Patterns and the Stock Market
Category: Brain & Behavior
Posted on: November 14, 2008 12:55 PM, by Jonah Lehrer
It's one of the more annoying side-effects of the financial collapse: instant updates of the Dow Jones Industrial Average are suddenly everywhere, popping up in the corner of cable news shows, in between weather reports on the radio, highlighted on websites, etc. It's a bizarre form of financial melodrama, as the moods of the market seem to lurch and pivot for no good reason. Yesterday afternoon, on the same day a terrible unemployment report came out, the Dow swung upwards and closed 500 points higher. This morning, it's down 350 points, although nobody seems to know why. This chart captures the recent flux:
While it's certainly entertaining to spin post-hoc explanations of market activity, it's also utterly futile. The market, after all, is a classic example of a "random walk," since the past movement of any particular stock cannot be used to predict its future movement. This inherent randomness was first proposed by the economist Eugene Fama, in the early 1960's. Fama looked at decades of stock market data in order to prove that no amount of rational analysis or knowledge (unless it was illicit insider information) could help you figure out what would happen next. All of the esoteric tools and elaborate theories used by investors to make sense of the market were pure nonsense. Wall Street was like a slot machine.
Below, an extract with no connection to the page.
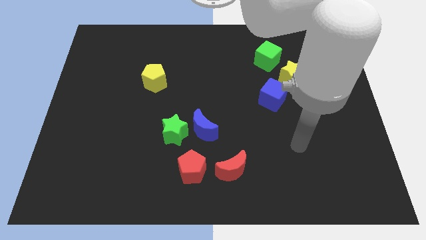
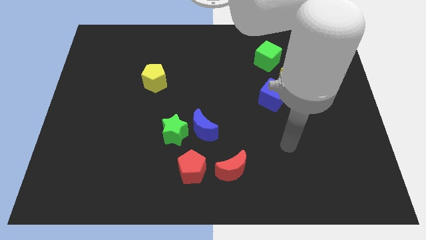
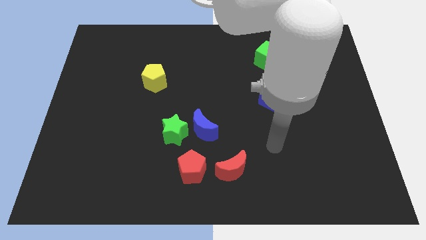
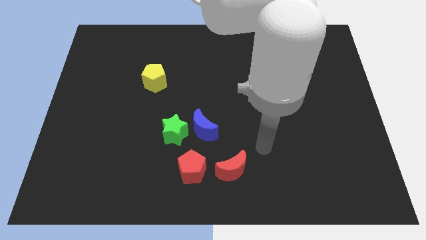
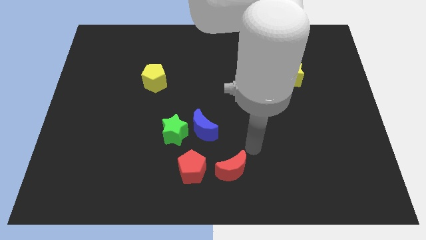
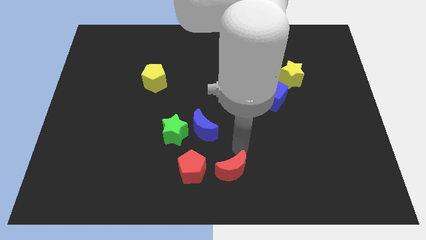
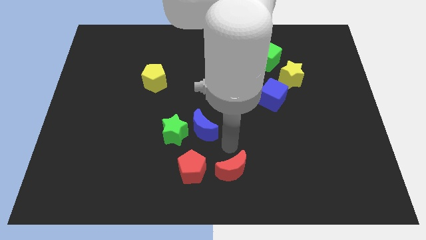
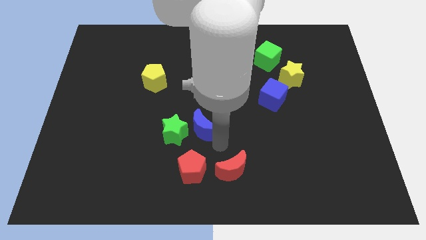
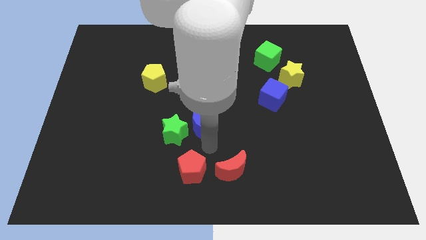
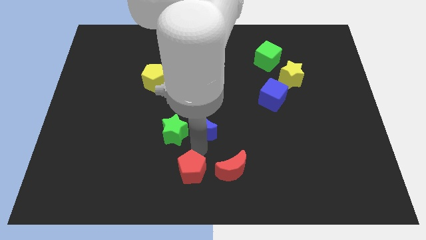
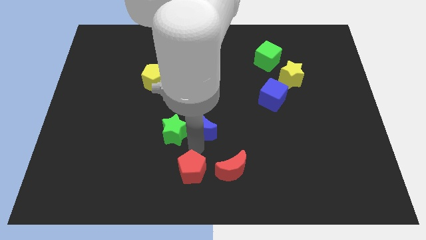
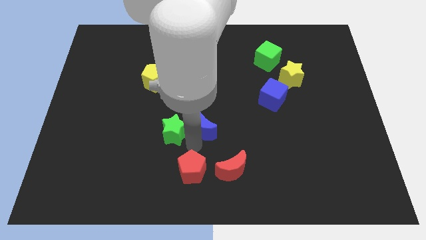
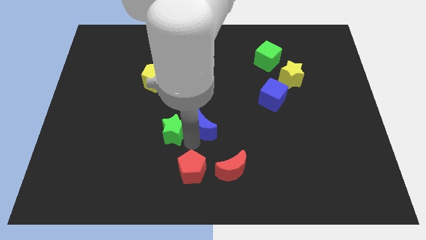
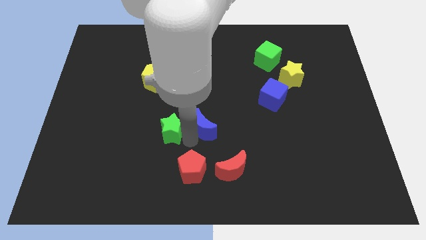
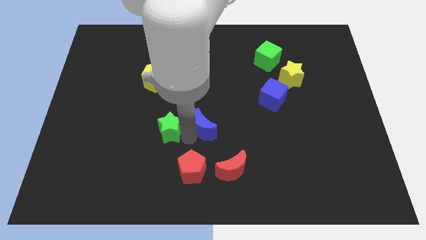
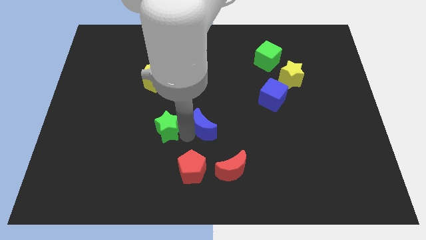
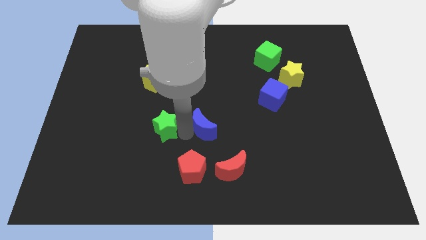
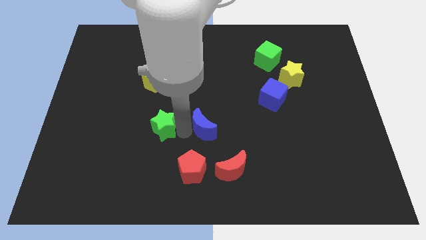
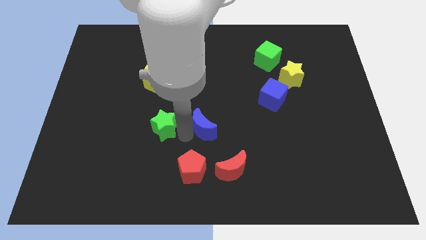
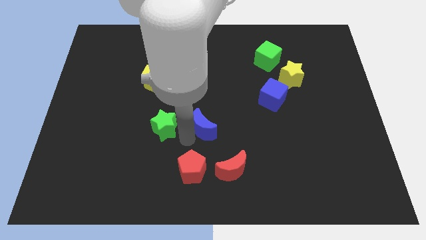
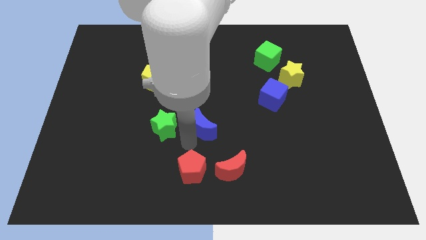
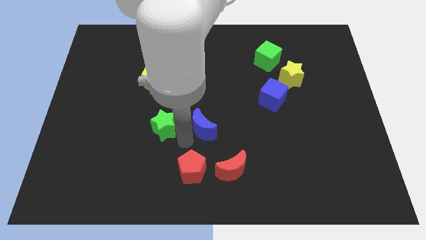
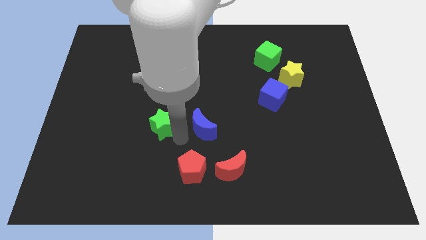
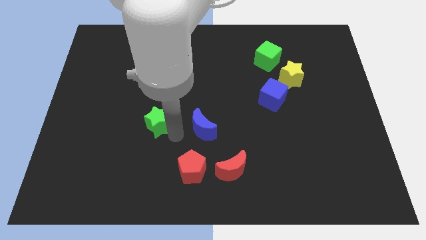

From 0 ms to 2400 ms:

Alas, the human mind can't resist the allure of explanations, even if they make no sense. We're so eager to find correlations and causation that, when confronted with an inherently stochastic process - like the DJIA, or a slot machine - we invent factors to fixate on. The end result is a blinkered sort of overconfidence, in which we're convinced we've solved a system that has no solution.
Look, for example, at this elegant little experiment. A rat was put in a T-shaped maze with a few morsels of food placed on either the far right or left side of the enclosure. The placement of the food is randomly determined, but the dice is rigged: over the long run, the food was placed on the left side sixty per cent of the time. How did the rat respond? It quickly realized that the left side was more rewarding. As a result, it always went to the left, which resulted in a sixty percent success rate. The rat didn't strive for perfection. It didn't search for a Unified Theory of the T-shaped maze, or try to decipher the disorder. Instead, it accepted the inherent uncertainty of the reward and learned to settle for the best possible alternative.
The experiment was then repeated with Yale undergraduates. Unlike the rat, their swollen brains stubbornly searched for the elusive pattern that determined the placement of the reward. They made predictions and then tried to learn from their prediction errors. The problem was that there was nothing to predict: the randomness was real. Because the students refused to settle for a 60 percent success rate, they ended up with a 52 percent success rate. Although most of the students were convinced they were making progress towards identifying the underlying algorithm, they were actually being outsmarted by a rat.
So don't listen to those talking heads telling you why the market rose or fell. They're just like those Yalies, convinced they've found a pattern where none exists.